The fiscal correction made by the Respondent was based on the recharacterization of management fee payments to a foreign tax subject into constructive dividends due to a failed "existence test" of the services. This recharacterization phenomenon is often a crucial point in transfer pricing disputes, where tax authorities exercise discretion under Article 18(3) of the Income Tax Law to redetermine income and deductions.
PT IJF (the Applicant) consistently maintained the argument that payments to an affiliate in Denmark were royalties for actual management services, supported by contractual and operational evidence. The conflict escalated when the Respondent changed the classification to dividends with a higher Tax Treaty (P3B) rate (20% vs 15%). However, this dispute highlights that any recharacterization must have a strong evidentiary basis and be aligned with the ruling on the primary tax (Corporate Income Tax).

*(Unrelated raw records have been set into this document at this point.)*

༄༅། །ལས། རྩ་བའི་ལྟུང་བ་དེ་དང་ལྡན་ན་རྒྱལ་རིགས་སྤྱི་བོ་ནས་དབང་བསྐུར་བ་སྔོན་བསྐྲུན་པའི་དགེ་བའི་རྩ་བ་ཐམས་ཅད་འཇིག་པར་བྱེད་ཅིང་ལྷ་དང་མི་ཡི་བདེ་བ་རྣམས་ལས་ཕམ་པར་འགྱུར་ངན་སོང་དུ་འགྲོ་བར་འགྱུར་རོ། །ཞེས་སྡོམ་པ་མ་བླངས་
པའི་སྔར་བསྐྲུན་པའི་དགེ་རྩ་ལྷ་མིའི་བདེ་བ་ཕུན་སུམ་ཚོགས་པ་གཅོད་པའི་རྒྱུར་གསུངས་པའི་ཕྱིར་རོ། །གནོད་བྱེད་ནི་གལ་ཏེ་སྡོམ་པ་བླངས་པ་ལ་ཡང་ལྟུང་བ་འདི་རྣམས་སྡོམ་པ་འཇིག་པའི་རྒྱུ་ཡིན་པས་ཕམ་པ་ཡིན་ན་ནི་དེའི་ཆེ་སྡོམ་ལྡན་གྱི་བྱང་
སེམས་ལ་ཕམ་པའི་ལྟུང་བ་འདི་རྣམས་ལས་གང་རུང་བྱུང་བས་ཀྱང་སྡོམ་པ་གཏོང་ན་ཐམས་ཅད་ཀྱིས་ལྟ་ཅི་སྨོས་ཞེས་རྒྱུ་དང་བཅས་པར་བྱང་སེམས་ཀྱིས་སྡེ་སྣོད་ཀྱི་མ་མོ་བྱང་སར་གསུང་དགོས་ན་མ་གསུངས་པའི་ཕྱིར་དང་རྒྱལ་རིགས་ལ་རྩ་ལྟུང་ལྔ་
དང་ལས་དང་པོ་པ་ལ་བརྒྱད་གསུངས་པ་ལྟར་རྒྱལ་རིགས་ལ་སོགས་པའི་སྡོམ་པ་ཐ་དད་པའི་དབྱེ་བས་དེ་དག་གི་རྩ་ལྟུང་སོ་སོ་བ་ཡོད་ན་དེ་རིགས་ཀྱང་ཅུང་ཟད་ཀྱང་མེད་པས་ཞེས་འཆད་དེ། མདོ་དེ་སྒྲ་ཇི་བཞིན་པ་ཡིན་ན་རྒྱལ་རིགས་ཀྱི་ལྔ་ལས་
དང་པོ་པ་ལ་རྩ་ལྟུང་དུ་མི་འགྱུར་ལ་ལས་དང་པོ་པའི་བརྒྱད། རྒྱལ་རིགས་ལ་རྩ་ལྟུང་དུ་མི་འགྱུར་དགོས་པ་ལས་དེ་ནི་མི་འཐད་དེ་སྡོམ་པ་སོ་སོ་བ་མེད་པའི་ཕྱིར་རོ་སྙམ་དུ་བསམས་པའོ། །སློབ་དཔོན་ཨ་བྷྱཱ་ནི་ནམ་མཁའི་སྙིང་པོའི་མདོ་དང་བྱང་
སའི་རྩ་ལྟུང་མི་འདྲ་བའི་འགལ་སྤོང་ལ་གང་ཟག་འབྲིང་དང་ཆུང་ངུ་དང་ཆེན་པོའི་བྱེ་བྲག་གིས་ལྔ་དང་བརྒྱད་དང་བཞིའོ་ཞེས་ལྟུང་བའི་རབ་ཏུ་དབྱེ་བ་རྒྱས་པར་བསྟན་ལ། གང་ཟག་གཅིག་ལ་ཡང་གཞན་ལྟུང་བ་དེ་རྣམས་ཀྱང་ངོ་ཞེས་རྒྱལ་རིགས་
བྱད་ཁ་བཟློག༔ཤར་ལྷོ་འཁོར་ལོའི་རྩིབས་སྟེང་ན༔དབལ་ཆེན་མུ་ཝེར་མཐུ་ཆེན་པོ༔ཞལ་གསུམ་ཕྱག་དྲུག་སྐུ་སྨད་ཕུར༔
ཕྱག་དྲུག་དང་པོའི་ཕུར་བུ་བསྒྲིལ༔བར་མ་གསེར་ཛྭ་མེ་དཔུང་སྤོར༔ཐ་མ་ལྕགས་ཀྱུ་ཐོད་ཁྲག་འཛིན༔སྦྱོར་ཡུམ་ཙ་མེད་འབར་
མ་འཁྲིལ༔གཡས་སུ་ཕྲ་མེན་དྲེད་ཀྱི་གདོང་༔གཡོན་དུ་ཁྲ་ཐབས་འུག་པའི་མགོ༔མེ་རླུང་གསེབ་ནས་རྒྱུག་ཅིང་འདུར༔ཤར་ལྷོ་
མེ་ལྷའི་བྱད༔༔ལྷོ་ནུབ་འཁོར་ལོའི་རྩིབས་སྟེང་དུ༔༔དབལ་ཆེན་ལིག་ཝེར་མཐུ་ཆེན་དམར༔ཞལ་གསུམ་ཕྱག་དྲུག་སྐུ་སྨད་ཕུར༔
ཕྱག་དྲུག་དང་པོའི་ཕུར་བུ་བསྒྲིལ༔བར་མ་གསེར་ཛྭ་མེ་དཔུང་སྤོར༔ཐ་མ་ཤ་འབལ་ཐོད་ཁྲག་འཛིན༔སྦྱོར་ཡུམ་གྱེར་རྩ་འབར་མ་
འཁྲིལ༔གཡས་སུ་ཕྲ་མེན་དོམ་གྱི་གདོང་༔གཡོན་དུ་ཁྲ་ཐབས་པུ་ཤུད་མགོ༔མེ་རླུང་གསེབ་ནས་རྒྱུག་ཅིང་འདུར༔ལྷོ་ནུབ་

The Board of Judges, in its legal considerations, took a logical juridical position by referring to the related Corporate Income Tax dispute ruling. Since the correction of management fees in the Corporate Income Tax had been overturned by the Board, the "legal event" serving as the basis for the Article 26 Income Tax reclassification automatically lost its legal footing.
This decision reinforces the principle of consistency in tax procedural law, where the tax treatment of a single transaction must be aligned across all affected tax types. For Taxpayers, PT IJF’s victory provides an important precedent: proving the existence of services at the Corporate Income Tax level is the primary key to winning derivative withholding tax (Article 26) disputes.
Conclusion: The tax authority's failure to prove an unfair related-party relationship at the operational expense level will collapse any recharacterization efforts at the foreign withholding tax level.